Négociation emploi: La France est-elle suffisamment flexible?
TRAVAIL•Lancées le 4 octobre dernier, les négociations sur la sécurisation de l'emploi entre les partenaires sociaux patinent toujours...Céline Boff
Ça bloque encore. A la demande du gouvernement, les partenaires sociaux négocient depuis le 4 octobre pour améliorer le fonctionnement du marché du travail. Mais ils sont encore très loin de parvenir à un accord, comme le prouve la rencontre qui s’est tenue ce jeudi.
«Le Medef nous présente un texte précis sur la flexibilité, mais très flou et très vague sur la sécurisation de l’emploi et sur le recul de la précarité, alors que travailler sur ces thèmes permettrait de renforcer la compétitivité et la performance de notre pays», estime Patrick Pierron, négociateur pour la CFDT.

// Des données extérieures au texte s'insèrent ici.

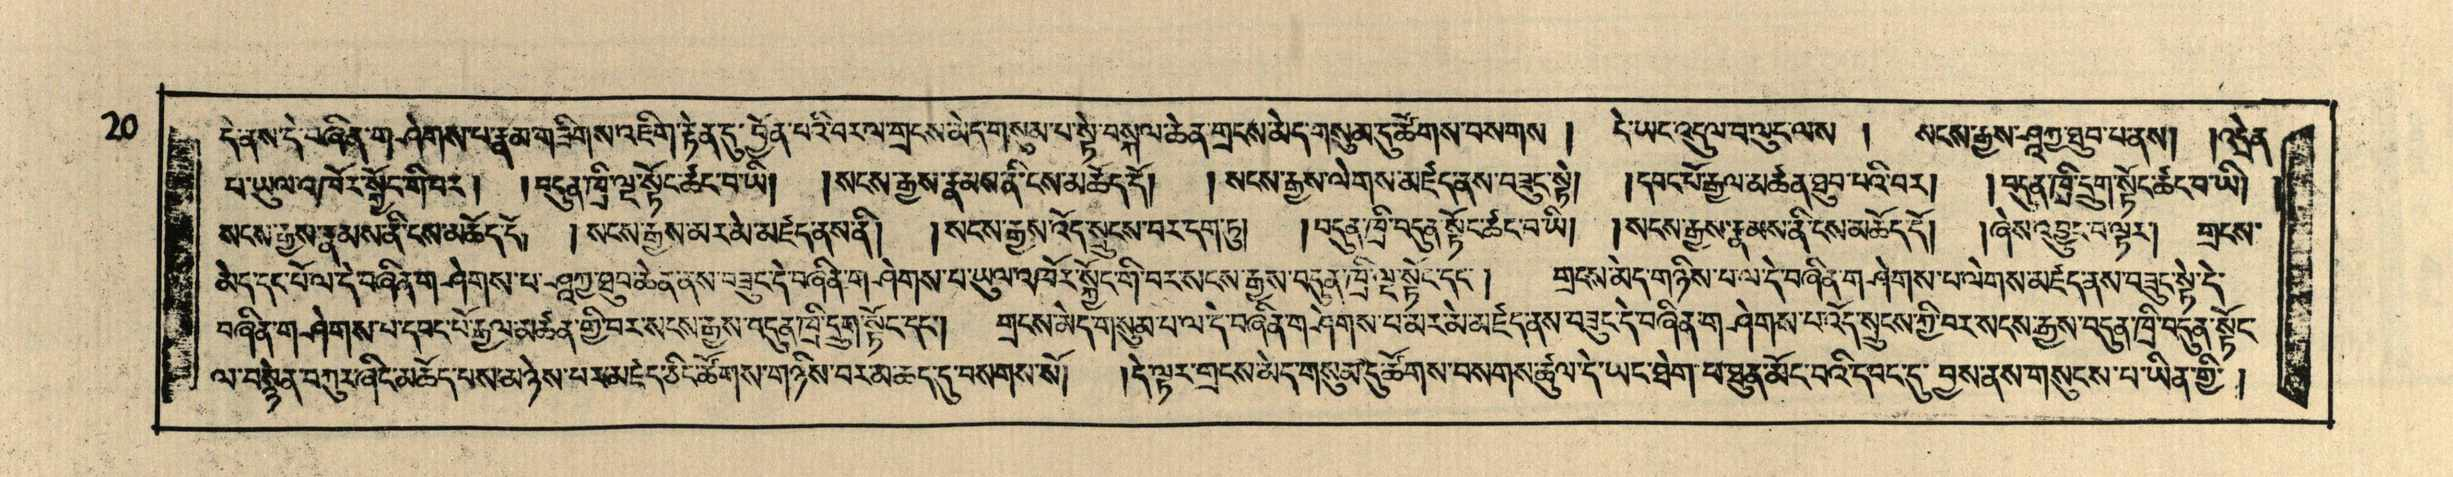དེ་ནས་དེ་བཞིན་གཤེགས་པ་རྣམ་གཟིགས་འཇིག་རྟེན་དུ་བྱོན་པའི་བར་ལ་གྲངས་མེད་གསུམ་པ་སྟེ་བསྐལ་ཆེན་གྲངས་མེད་གསུམ་དུ་ཚོགས་བསགས་། དེ་ཡང་འདུལ་བ་ལུང་ལས་། སངས་རྒྱས་ཤཱཀྱ་ཐུབ་པ་ནས། །འདྲེན་
པ་ཡུལ་འཁོར་སྐྱོང་གི་བར་། བདུན་ཁྲི་ལྔ་སྟོང་ཚང་བ་ཡི། །སངས་རྒྱས་རྣམས་ནི་ངས་མཆོད་དོ། །སངས་རྒྱས་ལེགས་མཛད་ནས་བཟུང་སྟེ། །དབང་པོ་རྒྱལ་མཚན་ཐུབ་པའི་བར། །བདུན་ཁྲི་དྲུག་སྟོང་ཚང་བ་ཡི། །
སངས་རྒྱས་རྣམས་ནི་ངས་མཆོད་དོ། །སངས་རྒྱས་མར་མེ་མཛད་ནས་ནི། །སངས་རྒྱས་འོད་སྲུངས་བར་དག་ཏུ། །བདུན་ཁྲི་བདུན་སྟོང་ཚང་བ་ཡི། །སངས་རྒྱས་རྣམས་ནི་ངས་མཆོད་དོ། །ཞེས་འབྱུང་བ་ལྟར། གྲངས་
མེད་དང་པོ་ལ་དེ་བཞིན་གཤེགས་པ་ཤཱཀྱ་ཐུབ་ཆེན་ནས་བཟུང་དེ་བཞིན་གཤེགས་པ་ཡུལ་འཁོར་སྐྱོང་གི་བར་སངས་རྒྱས་བདུན་ཁྲི་ལྔ་སྟོང་དང་། གྲངས་མེད་གཉིས་པ་ལ་དེ་བཞིན་གཤེགས་པ་ལེགས་མཛད་ནས་བཟུང་སྟེ་དེ་
བཞིན་གཤེགས་པ་དབང་པོ་རྒྱལ་མཚན་གྱི་བར་སངས་རྒྱས་བདུན་ཁྲི་དྲུག་སྟོང་དང་། གྲངས་མེད་གསུམ་པ་ལ་དེ་བཞིན་གཤེགས་པ་མར་མེ་མཛད་ནས་བཟུང་དེ་བཞིན་གཤེགས་པ་འོད་སྲུངས་ཀྱི་བར་སངས་རྒྱས་བདུན་ཁྲི་བདུན་སྟོང་
ལ་བསྙེན་བཀུར་ཞིང་མཆོད་པས་མཉེས་པར་མཛད་ཅིང་ཚོགས་གཉིས་བར་མ་ཆད་དུ་བསགས་སོ། །དེ་ལྟར་གྲངས་མེད་གསུམ་དུ་ཚོགས་བསགས་ཚུལ་དེ་ཡང་ཐེག་པ་ཐུན་མོང་བའི་དབང་དུ་བྱས་ནས་གསུངས་པ་ཡིན་གྱི་།

Limiter le montant des dommages et intérêts en cas de licenciement abusif
Pour le patronat, si les entreprises rechignent à embaucher en CDI, c’est parce que ce contrat manque de souplesse. Il voudrait notamment ramener de cinq ans à 12 mois le délai légal pour ouvrir un contentieux prud'homal et limiter le montant des dommages et intérêts versés au salarié en cas de licenciement abusif.
«Il y a sans doute à revoir, mais le patronat nous braque en amenant ses propositions si brutalement», estime Patrick Pierron. «Le texte présenté par le Medef est une charge contre le CDI et ces négociations font surtout la part belle aux actionnaires», lance Agnès Le Bot, de la CGT, qui insiste: «Le patronat cherche à sécuriser la rupture du contrat, pas le parcours du salarié».

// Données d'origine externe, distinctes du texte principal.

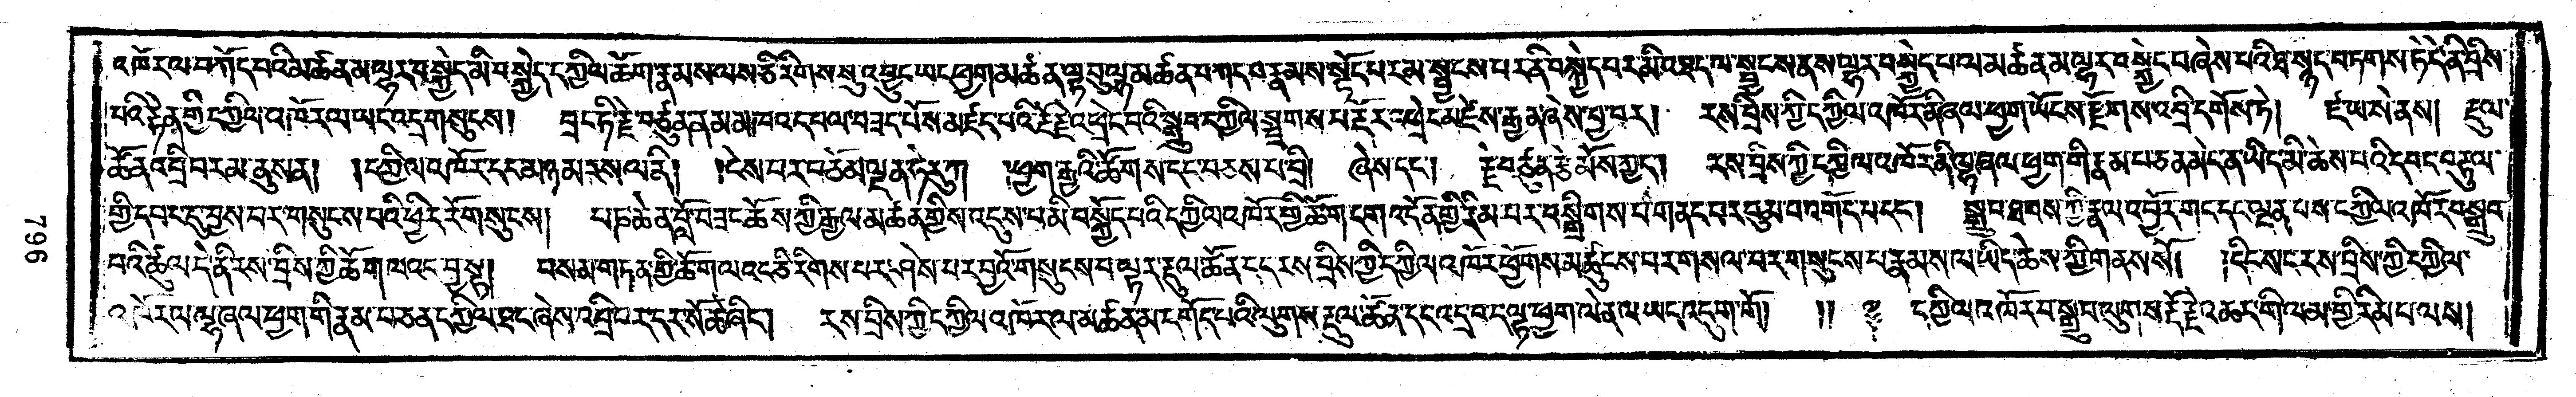འཁོར་ལ་བཀོད་པའི་མཚན་མ་ལྷར་བསྐྱེད་མི་བསྐྱེད་དཀྱིལ་ཆོག་རྣམས་ལས་ཅི་རིགས་སུ་འབྱུང་ཡང་ཕྱག་མཚན་ལྟ་བུ་ལྷ་མཚན་བཀང་བ་རྣམས་སྟོང་པར་མ་སྦྱངས་པར་ནི་བསྐྱེད་པར་མི་འཐད་ལ་སྦྱངས་ནས་ལྷར་བསྐྱེད་པ་ལ་མཚན་མ་ལྷར་བསྐྱེད་པ་ལ་མཚན་མ་ལྷར་བསྐྱེད་བཞེས་པའི་ཐ་སྙད་བཏགས་ཏེ་དེ་ནི་བྲིས་
པའི་རྟེན་གྱི་དཀྱིལ་འཁོར་ལ་ཡང་འདྲ་གསུངས། བྲང་ཏི་རྗེ་བཙུན་ནམ་མཁའ་དཔལ་བཟང་པོས་མཛད་པའི་རྡོ་རྗེ་འཕྲེང་བའི་སྒྲུབ་དཀྱིལ་སྦྲགས་པ་རྡོར་འཕྲེང་མཛེས་རྒྱན་ཞེས་བྱ་བར། རས་བྲིས་ཀྱི་དཀྱིལ་འཁོར་ནི་ཞལ་ཕྱག་ཡོངས་རྫོགས་འབྲི་དགོས་ཏེ། ཛ་ཡ་སེ་ནས། རྡུལ་
ཚོན་འབྲི་བར་མ་ནུས་ན། །དཀྱིལ་འཁོར་དང་མཉམ་རས་ལ་ནི། །ངེས་པར་བཅོམ་ལྡན་ཧེ་རུ་ཀ །ཕྱག་རྒྱའི་ཚོགས་དང་བཅས་པ་བྲི། ཞེས་དང་། རྗེ་བཙུན་རྩེ་མོས་ཀྱང་། རས་བྲིས་ཀྱི་དཀྱིལ་འཁོར་ནི་ལྷ་ཞལ་ཕྱག་གི་རྣམ་པ་ཅན་མེད་ན་ཡིད་མི་ཆེས་པའི་དབང་བརྟུལ་
གྱི་དབང་དུ་བྱས་པར་གསུངས་པའི་ཕྱིར་རོ་གསུངས། པཎ་ཆེན་བློ་བཟང་ཆོས་ཀྱི་རྒྱལ་མཚན་གྱིས་འདུས་པ་མི་བསྐྱོད་པའི་དཀྱིལ་འཁོར་གྱི་ཆོ་ག་ངག་འདོན་གྱི་རིམ་པར་བསྒྲིགས་པ་གནང་བར་བུམ་པ་འགོད་པ་དང་། སྒྲུབ་ཐབས་ཀྱི་རྣལ་འབྱོར་གང་དང་ལྡན་པས་དཀྱིལ་འཁོར་བསྒྲུབ་
བའི་ཚུལ་དེ་ནི་རས་བྲིས་ཀྱི་ཆོ་ག་ལའང་བྱ་སྟེ། བསམ་གཏན་གྱི་ཆོ་ག་ལའང་ཅི་རིགས་པར་ཤེས་པར་བྱའོ་གསུངས་པ་ལྟར་རྡུལ་ཚོན་དང་རས་བྲིས་ཀྱི་དཀྱིལ་འཁོར་ཕྱོགས་མཚུངས་པར་གསལ་བར་གསུངས་པ་རྣམས་ལ་ཡིད་ཆེས་ཀྱི་གནས་སོ། །དིང་སང་རས་བྲིས་ཀྱི་དཀྱིལ་
འཁོར་ལ་ལྷ་ཞལ་ཕྱག་གི་རྣམ་པ་ཅན་དཀྱིལ་ཐང་ཞེས་འབྲི་བར་ངར་སོ་ཆེ་ཞིང་། རས་བྲིས་ཀྱི་དཀྱིལ་འཁོར་ལ་མཚན་མ་དགོད་པའི་ལུགས་རྡུལ་ཚོན་དང་འདྲ་བ་ད་ལྟ་ཕྱག་ལེན་ལ་ཡང་འདུག་གོ། །། ༈ དཀྱིལ་འཁོར་བ་སྒྲུབ་ལུགས་རྡོ་རྗེ་འཆང་གི་ལམ་གྱི་རིམ་པ་ལས།

«Les CDD coûtent plus chers à l’assurance-chômage que les intermittents du spectacle»
Pour FO, la flexibilité est déjà trop présente. «Elle progresse depuis 30 ans dans l’entreprise, qu’elle soit externe, avec le recours toujours plus massif aux CDD et à l’intérim, ou en interne, avec la modulation du temps de travail induite par les 35 heures et la montée en puissance du temps partiel. Même la rémunération est devenue flexible, puisqu’elle est de plus en plus liée à l’atteinte d’objectifs», avance Stéphane Lardy.
Pour favoriser le recrutement en CDI, FO souhaiterait que les entreprises recourant de manière abusive aux CDD et à l’intérim voient leurs cotisations chômages augmenter. «Les CDD coûtent aujourd’hui plus chers à l’assurance-chômage que les intermittents du spectacle», rappelle Stéphane Lardy.
La CFDT souhaite elle aussi moduler le niveau des cotisations des entreprises, mais «en fonction de la durée passée par un salarié dans son emploi», explique Patrick Pierron. «Car il y a une montée en puissance des ruptures de CDI pendant la période d’essai. »
L’éternel problème de la croissance
Si les modalités divergent, l’objectif est le même: contraindre les entreprises, en les attaquant au portefeuille, à modifier leurs agissements. «Elles ne se comportent pas toutes de la même manière avec leurs salariés, elles ne doivent donc pas être toutes traitées de la même façon», argue Patrick Pierron.
Si les négociations s’annoncent donc difficiles, le gouvernement souhaite qu’elles aboutissent avant la fin de l’année. Il voudrait même que les partenaires sociaux parviennent à un «accord historique». Ce qui agace les syndicats. «Quoi qu’il advienne, nous ne sommes pas en mesure d’inverser la courbe du chômage, parce que seule la croissance permet de créer de l’emploi, et nous n’en avons plus», rappelle Stéphane Lardy.
En France, il faut en effet 1% de hausse de l’activité pour créer de l’emploi et 1,5% pour commencer à résorber le chômage. En 2013, le PIB français devrait au mieux croître de 0,8%.